→ **To do**
Produce a verbatim copy of the following records, leaving out all pictures.

(Recorded data)
────────────────────

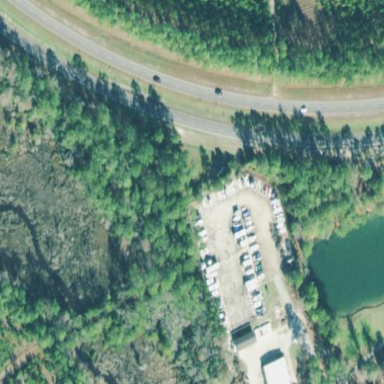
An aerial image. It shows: Boat storage facility.
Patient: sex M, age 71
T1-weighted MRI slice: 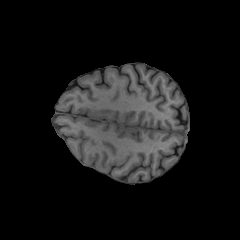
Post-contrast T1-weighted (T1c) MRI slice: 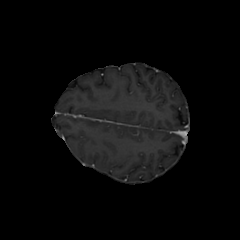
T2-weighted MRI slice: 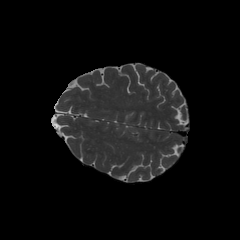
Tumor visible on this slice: no
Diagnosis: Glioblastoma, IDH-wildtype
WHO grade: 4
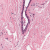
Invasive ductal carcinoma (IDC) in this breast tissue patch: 0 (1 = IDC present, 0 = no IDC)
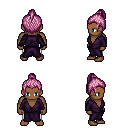
a pixel art fantasy rpg character, male body template, human, dark skin, purple robe, white pants, pink short topknot hairstyle, four views (front, back, left, right), 2x2 character sprite sheet, small pixel art, hard edges, no anti-aliasing
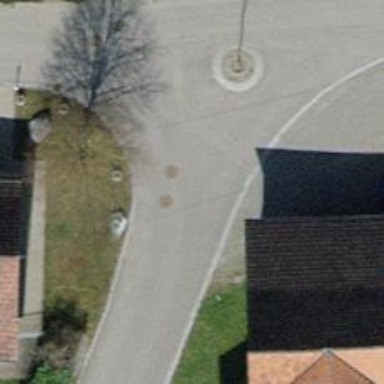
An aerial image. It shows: Unclassified road with asphalt surface.
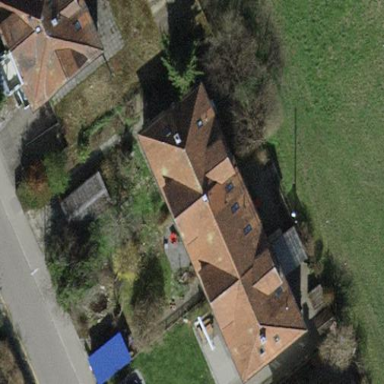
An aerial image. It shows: Building with tiled roof.
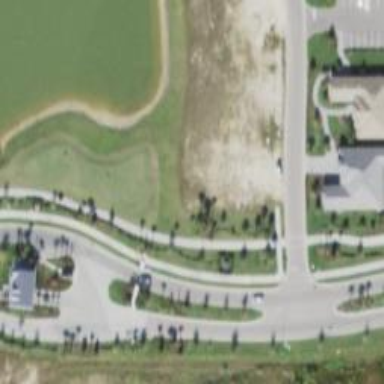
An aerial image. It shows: Path designated for golf carts.
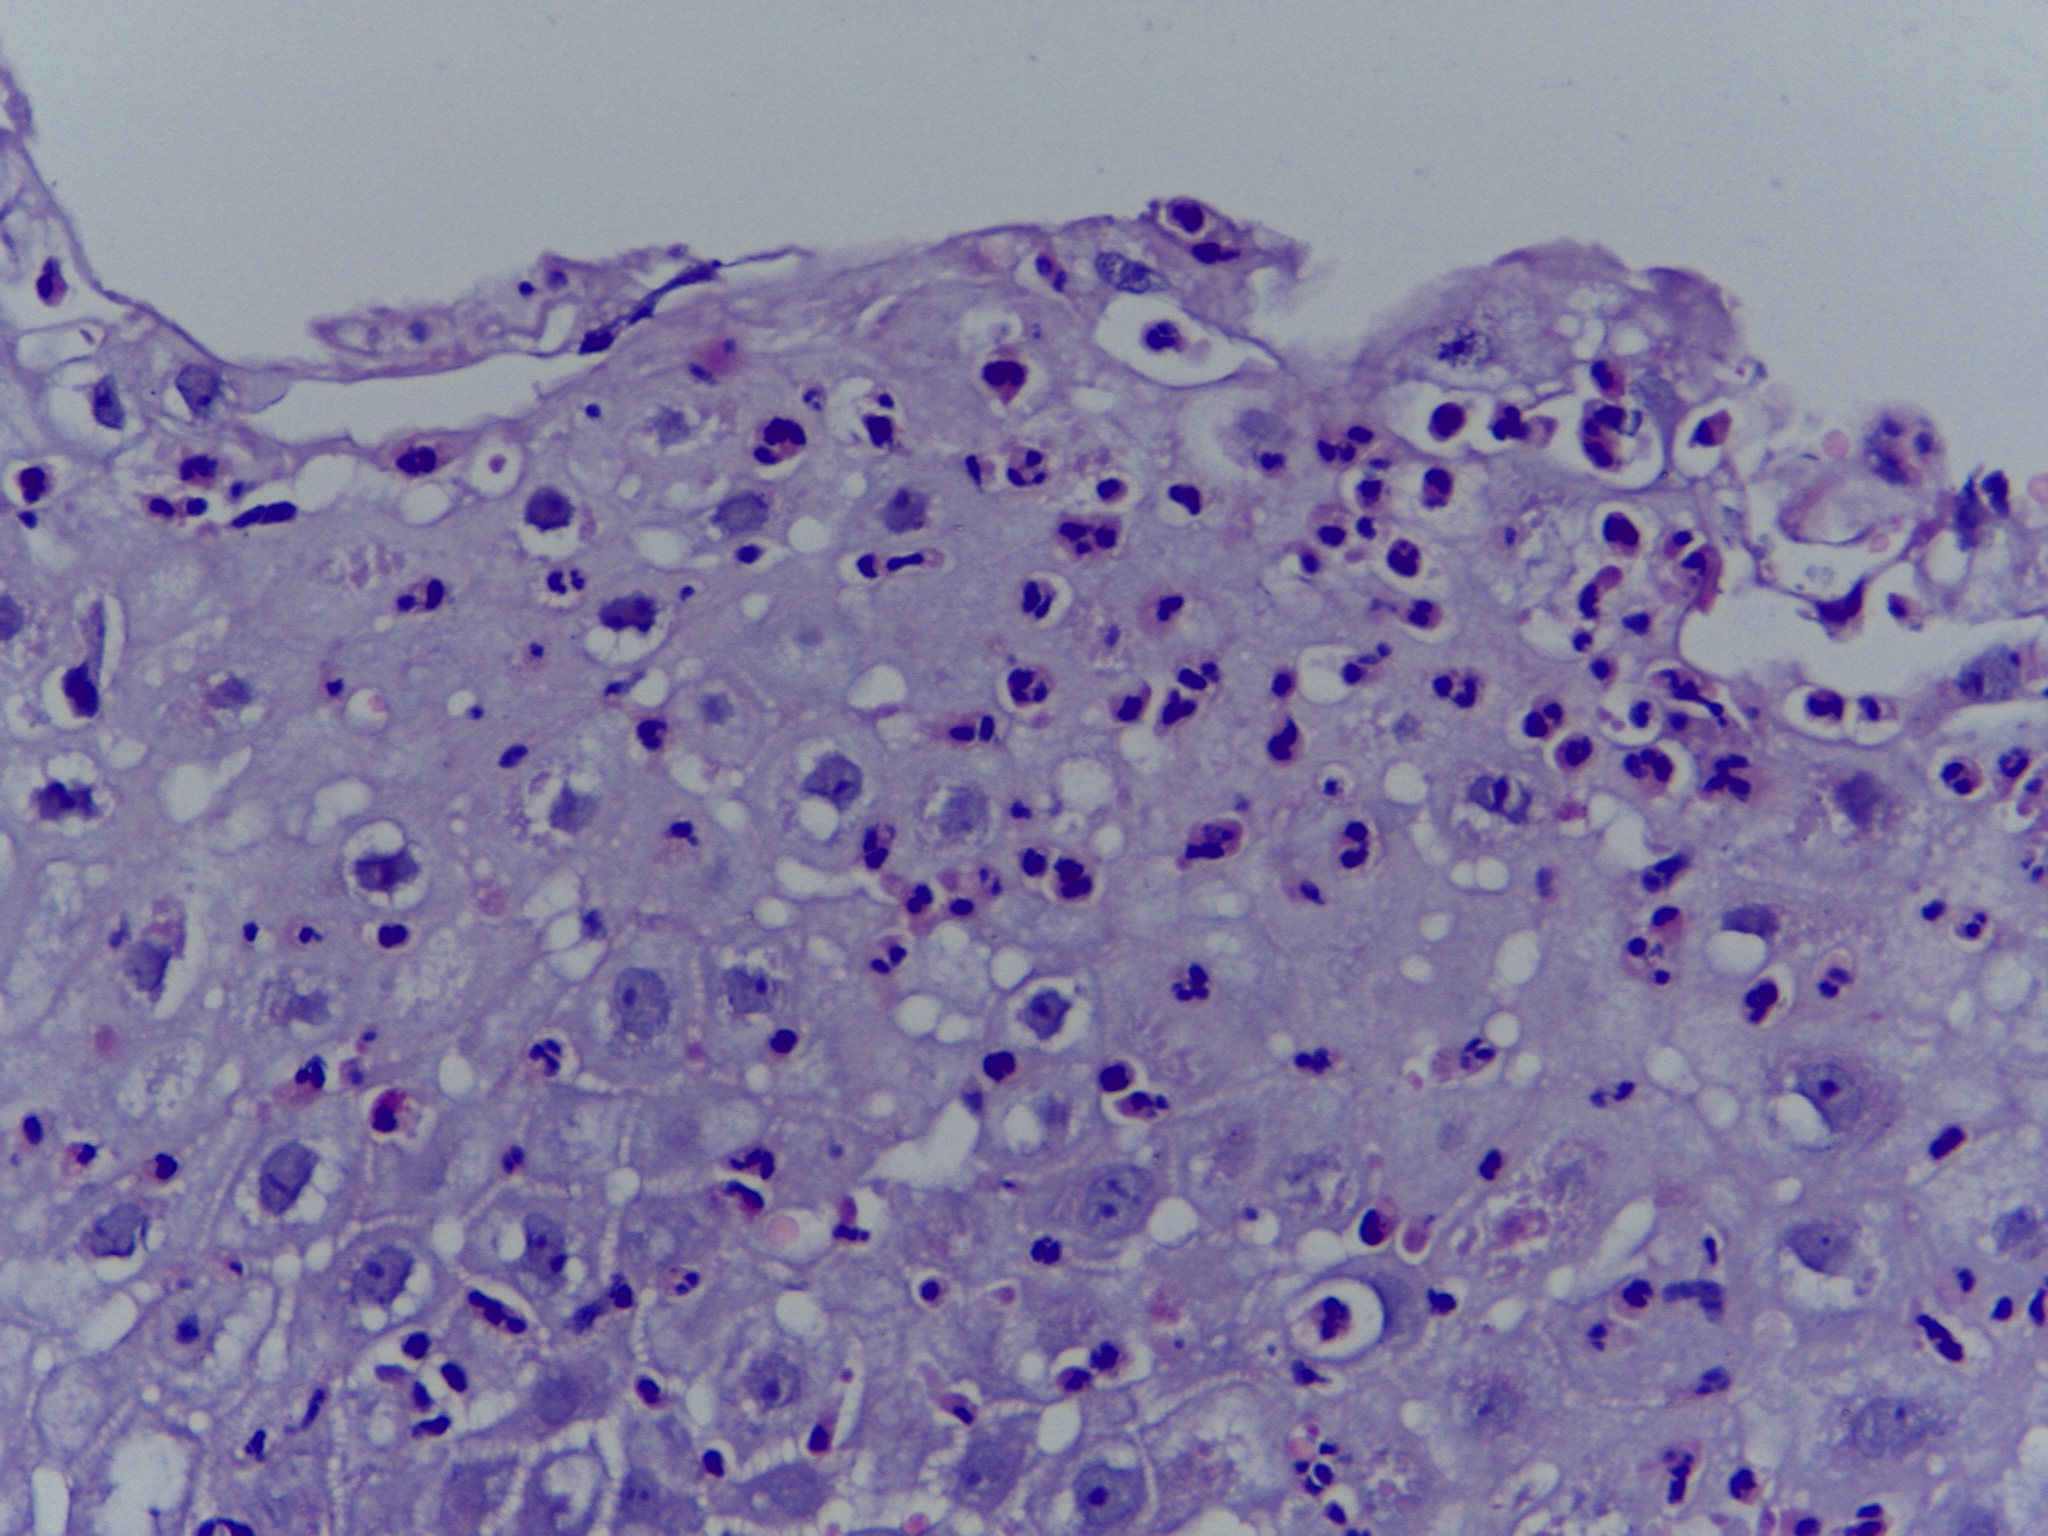
Diagnosis: OSCC
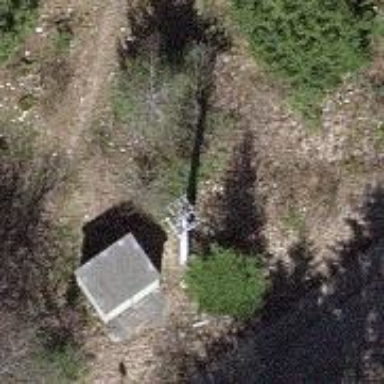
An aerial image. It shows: Transition power pole.
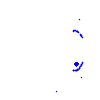
Particle: proton
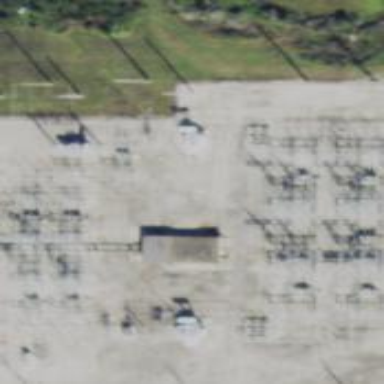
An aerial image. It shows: Switch for power supply.
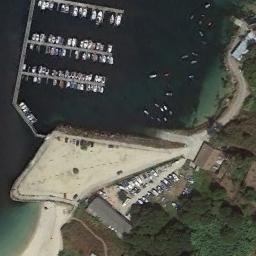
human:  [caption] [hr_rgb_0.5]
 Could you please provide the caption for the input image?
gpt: There is a white building beside the harbor .

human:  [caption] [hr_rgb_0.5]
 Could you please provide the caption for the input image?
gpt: There are many ships in the harbor .

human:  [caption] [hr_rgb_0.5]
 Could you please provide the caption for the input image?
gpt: Many ships are neatly arranged on the sea side of the harbor  There are buildings, Parking lots and forests on the harbor .

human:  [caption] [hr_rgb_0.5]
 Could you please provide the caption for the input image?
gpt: The harbor has lots of neatly docked boats and an open area, A grove of trees and some houses are next to the harbor .

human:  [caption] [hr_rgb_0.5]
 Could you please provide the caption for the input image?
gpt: There are some brown buildings and trees beside the harbor .
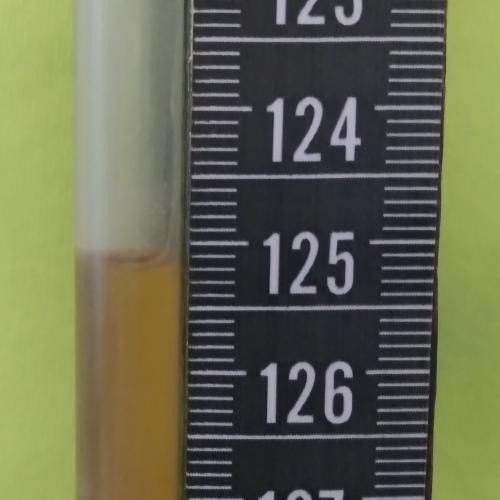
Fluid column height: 125.1 cm
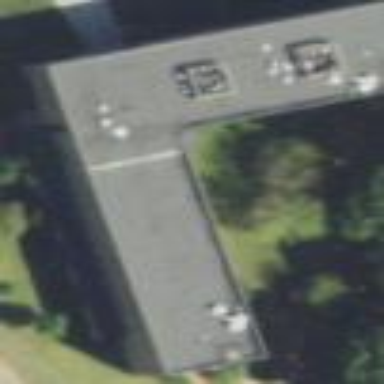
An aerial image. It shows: School building.
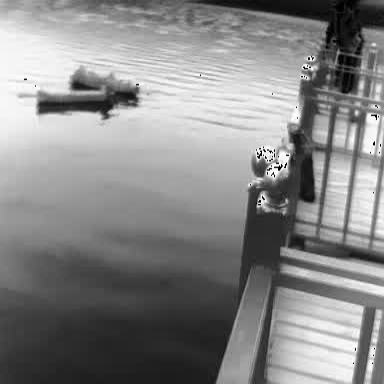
There are two objects shown in the infrared image, including a liner, and a container_ship.
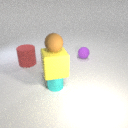
small cyan metal cylinder below large yellow rubber cube
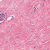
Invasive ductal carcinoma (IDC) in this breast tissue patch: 0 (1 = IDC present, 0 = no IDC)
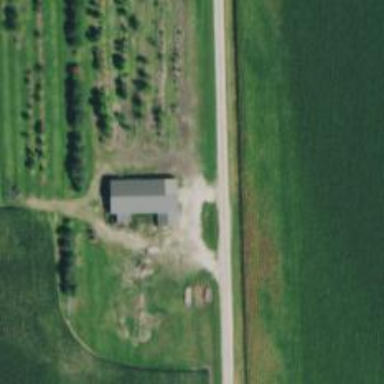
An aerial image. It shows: Driveway.
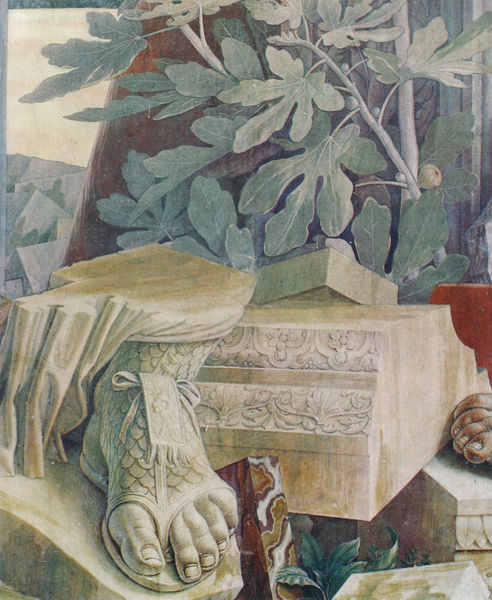
Titel: Hl. Sebastian (von Aigueperse)
Künstler: Andrea Mantegna
Institution: Paris, Musée du Louvre
Schlagwörter: baum, blätter, fuß, grün, marmor, strauch, frucht, zehen, sandale, antik, feige, feigenblätter, fuß sandale
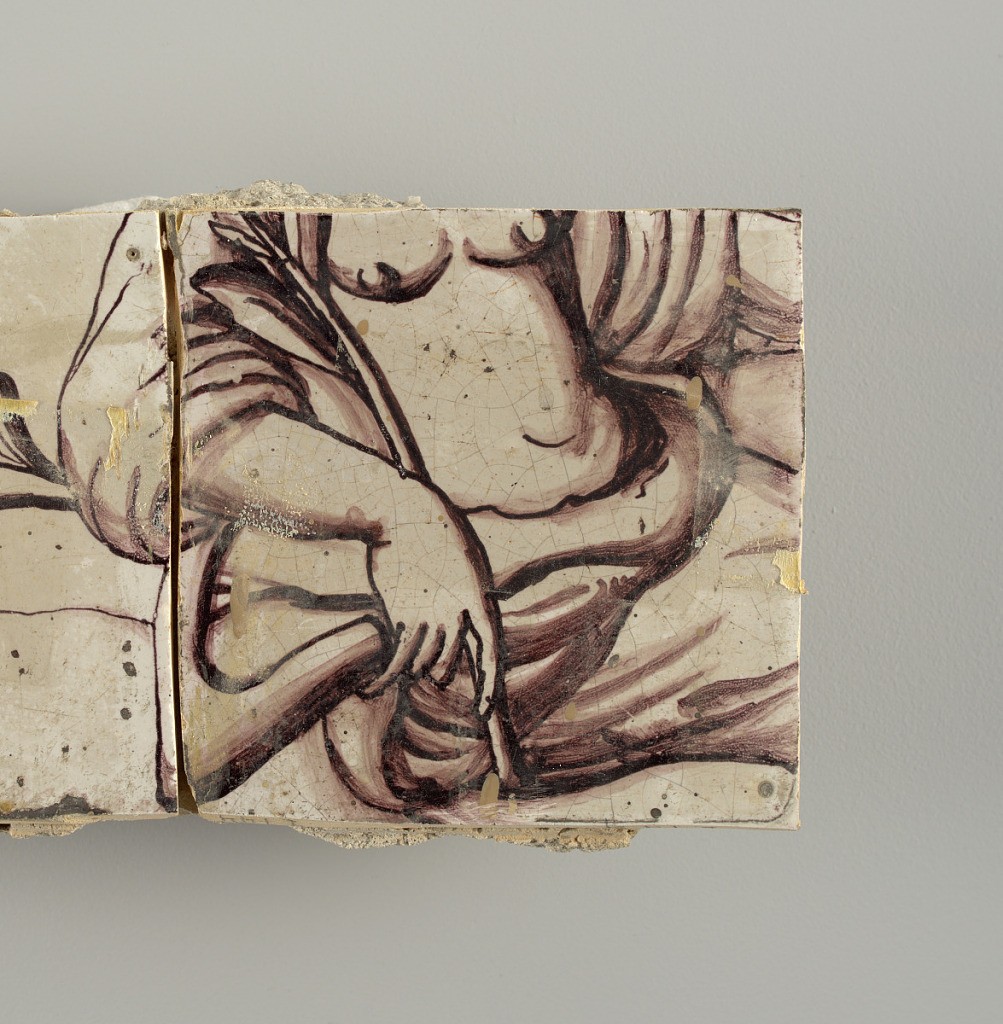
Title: Wall facing
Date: ca. 1725
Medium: tin-glazed earthenware, underglaze
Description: Two vertical rectangles, twenty-three tiles high.  A) Nine tiles wide at top; seven tiles wide at bottom.  B) Ten and one-half tiles wide.

Arabesque design of foliage.  A) with centered figure of Justice under a canopy.  B) with centered urn.

────────────────────

→ **Solution to the exercise**
An aerial image. It shows: Boat storage facility.
Patient: sex M, age 71
T1-weighted MRI slice: 
Post-contrast T1-weighted (T1c) MRI slice: 
T2-weighted MRI slice: 
Tumor visible on this slice: no
Diagnosis: Glioblastoma, IDH-wildtype
WHO grade: 4
Invasive ductal carcinoma (IDC) in this breast tissue patch: 0 (1 = IDC present, 0 = no IDC)
a pixel art fantasy rpg character, male body template, human, dark skin, purple robe, white pants, pink short topknot hairstyle, four views (front, back, left, right), 2x2 character sprite sheet, small pixel art, hard edges, no anti-aliasing
An aerial image. It shows: Unclassified road with asphalt surface.
An aerial image. It shows: Building with tiled roof.
An aerial image. It shows: Path designated for golf carts.
Diagnosis: OSCC
An aerial image. It shows: Transition power pole.
Particle: proton
An aerial image. It shows: Switch for power supply.
human:  [caption] [hr_rgb_0.5]
 Could you please provide the caption for the input image?
gpt: There is a white building beside the harbor .

human:  [caption] [hr_rgb_0.5]
 Could you please provide the caption for the input image?
gpt: There are many ships in the harbor .

human:  [caption] [hr_rgb_0.5]
 Could you please provide the caption for the input image?
gpt: Many ships are neatly arranged on the sea side of the harbor  There are buildings, Parking lots and forests on the harbor .

human:  [caption] [hr_rgb_0.5]
 Could you please provide the caption for the input image?
gpt: The harbor has lots of neatly docked boats and an open area, A grove of trees and some houses are next to the harbor .

human:  [caption] [hr_rgb_0.5]
 Could you please provide the caption for the input image?
gpt: There are some brown buildings and trees beside the harbor .
Fluid column height: 125.1 cm
An aerial image. It shows: School building.
There are two objects shown in the infrared image, including a liner, and a container_ship.
small cyan metal cylinder below large yellow rubber cube
Invasive ductal carcinoma (IDC) in this breast tissue patch: 0 (1 = IDC present, 0 = no IDC)
An aerial image. It shows: Driveway.
Titel: Hl. Sebastian (von Aigueperse)
Künstler: Andrea Mantegna
Institution: Paris, Musée du Louvre
Schlagwörter: baum, blätter, fuß, grün, marmor, strauch, frucht, zehen, sandale, antik, feige, feigenblätter, fuß sandale
Title: Wall facing
Date: ca. 1725
Medium: tin-glazed earthenware, underglaze
Description: Two vertical rectangles, twenty-three tiles high.  A) Nine tiles wide at top; seven tiles wide at bottom.  B) Ten and one-half tiles wide.

Arabesque design of foliage.  A) with centered figure of Justice under a canopy.  B) with centered urn.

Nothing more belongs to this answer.